The training was conducted as a five-fold cross-validation using splits provided by the contest organizers, and the outputs of each fold were combined by a mean ensemble algorithm. The model’s output was passed through a sigmoid activation function before lesion candidates were extracted using the report guided annotation library [3]. The proposed lesions were analyzed further by assessment of simple radiomic characteristics that are important for the task at hand; this can help increase the model’s precision by filtering out some false positive results. Proposed lesions were assessed for their:

  • size, where too big and small lesions were filtered out;

  • elongation and roundness, where highly elongated changes were filtered out, as they typically represented the obturator internus muscle or some of the large vessels in the pelvis;

  • the hypointensity of the ADC map and the hyperintensity of a high b-value DW image, defined as the difference of the mean value of complementary modalities concerning a lesion’s neighborhood. As the presence of hyperintense lesions on a high b-value DW image with related hypointense signal intensity on the ADC map is typical for prostate cancer, lesions that failed to meet this criterion were filtered out.

Figure 2 presents an example of the algorithm output, before and after the changes are filtered out by their radiomic features.

Fig. 3.
figure 3

A histogram of the distribution of roundness values: in blue, false positives; in red, true positives. The number of samples per histogram bin is scaled logarithmically.

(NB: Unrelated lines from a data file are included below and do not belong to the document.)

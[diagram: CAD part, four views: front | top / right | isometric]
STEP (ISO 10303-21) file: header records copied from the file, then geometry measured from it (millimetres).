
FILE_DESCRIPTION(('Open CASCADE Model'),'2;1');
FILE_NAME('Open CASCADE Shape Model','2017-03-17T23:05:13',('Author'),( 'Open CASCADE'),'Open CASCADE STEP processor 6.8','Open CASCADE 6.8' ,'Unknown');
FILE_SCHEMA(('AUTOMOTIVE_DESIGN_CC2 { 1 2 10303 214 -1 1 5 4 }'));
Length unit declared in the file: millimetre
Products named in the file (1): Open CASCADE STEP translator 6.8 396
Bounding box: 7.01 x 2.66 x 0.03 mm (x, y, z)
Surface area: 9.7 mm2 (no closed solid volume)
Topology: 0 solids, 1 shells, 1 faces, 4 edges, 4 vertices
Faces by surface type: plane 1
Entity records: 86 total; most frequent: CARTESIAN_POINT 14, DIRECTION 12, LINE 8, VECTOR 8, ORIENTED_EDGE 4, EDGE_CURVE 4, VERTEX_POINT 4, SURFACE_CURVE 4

Table 1. A summary of the simple shape statistics of segmented instances

3 Results and Discussion

Validation of the algorithm was performed using the Picai evaluation library [15] on the validation dataset provided by the contest organizers. Preliminary results for the model give a Ranking Score of 0.531, Area Under the Receiver Operating Characteristic curve of 0.686, and Average Precision of 0.376. An analysis of simple radiomic characteristics was performed and is summarized in Table 1. For each measured quantity—elongation, physical size, and roundness—the incorrect segmented instances presented approximately two times higher standard deviations, which indicates far higher variability. This also suggests a far wider distribution of the aforementioned quantities and the possibility of identifying suitable thresholds that define some of the segmented instances as false positives with high probability. As an example, in Fig. 3, one can observe that in the dataset, all segmented instances with roundness lower than 0.4 were false positives. A similar analysis can be performed for all other quantities. However, final conclusions regarding increases in model specificity using radiomic-based postprocessing require further study.

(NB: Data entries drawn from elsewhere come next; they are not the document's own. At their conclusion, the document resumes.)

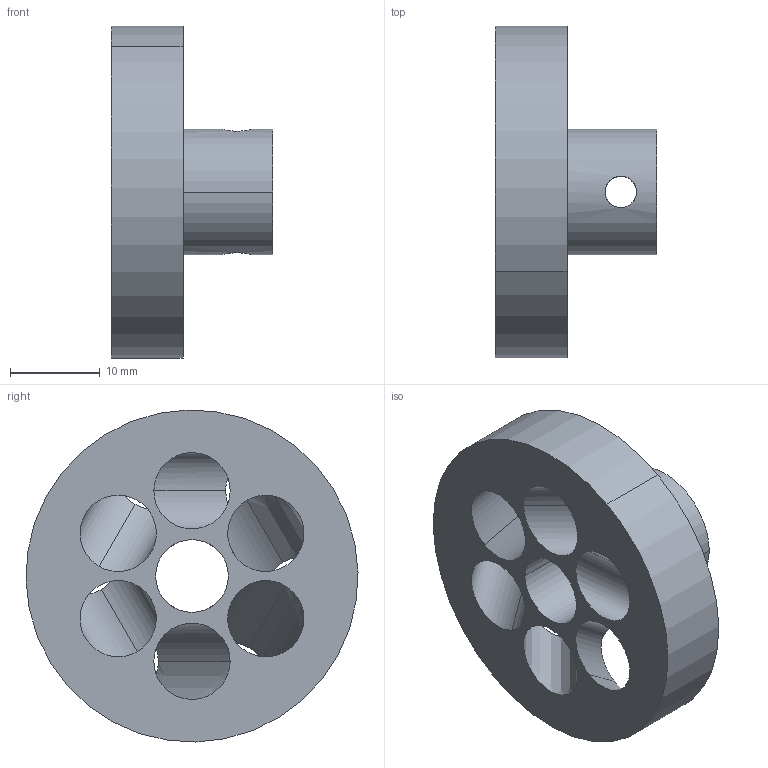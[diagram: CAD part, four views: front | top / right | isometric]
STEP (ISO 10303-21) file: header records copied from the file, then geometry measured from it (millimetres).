
FILE_DESCRIPTION(('CATIA V5 STEP Exchange'),'2;1');
FILE_NAME('spinner02.stp','2019-05-25T15:05:43+00:00',('none'),('none'),'CATIA Version 5 Release 19 GA (IN-10)','CATIA V5 STEP AP203','none');
FILE_SCHEMA(('CONFIG_CONTROL_DESIGN'));
Length unit declared in the file: millimetre
Products named in the file (1): spinner02
Bounding box: 18 x 36.99 x 36.99 mm (x, y, z)
Volume: 6432.2 mm3; surface area: 4780.5 mm2
Topology: 1 solids, 1 shells, 27 faces, 73 edges, 51 vertices
Faces by surface type: cylinder 12, extrusion 12, plane 3
Entity records: 1456 total; most frequent: CARTESIAN_POINT 768, ORIENTED_EDGE 140, DIRECTION 78, EDGE_CURVE 70, EDGE_LOOP 46, VERTEX_POINT 46, VECTOR 37, B_SPLINE_CURVE_WITH_KNOTS 35

The results suggest that the model performs comparably to the state-of-the-art non-transformer-based baseline architectures provided by the contest organizers. However, a significant number of the top-ranking results that are presented on the contest leaderboard are based on transformer architectures. This demonstrates their impressive ability to learn the presented task and the presence of further opportunities for optimization.

4 Conclusions

This study indicates the usefulness of new transformer-based architectures in multimodal three-dimensional medical imaging. An additional feature considered necessary for analyzing the dataset is the proven ability of transformer-based architectures to incorporate data from different sources [16]. This provides a strong base for incorporating clinical data directly into the neural network architecture. Radiomic analysis performed in the postprocessing step proved helpful in the study by increasing the model’s specificity; work on more advanced radiomic analysis is fully justified. The use of model PyTorch-based libraries enabled efficient training, which supplies further proof of its efficiency. Such tools can serve as the basis for additional work on the algorithm’s development.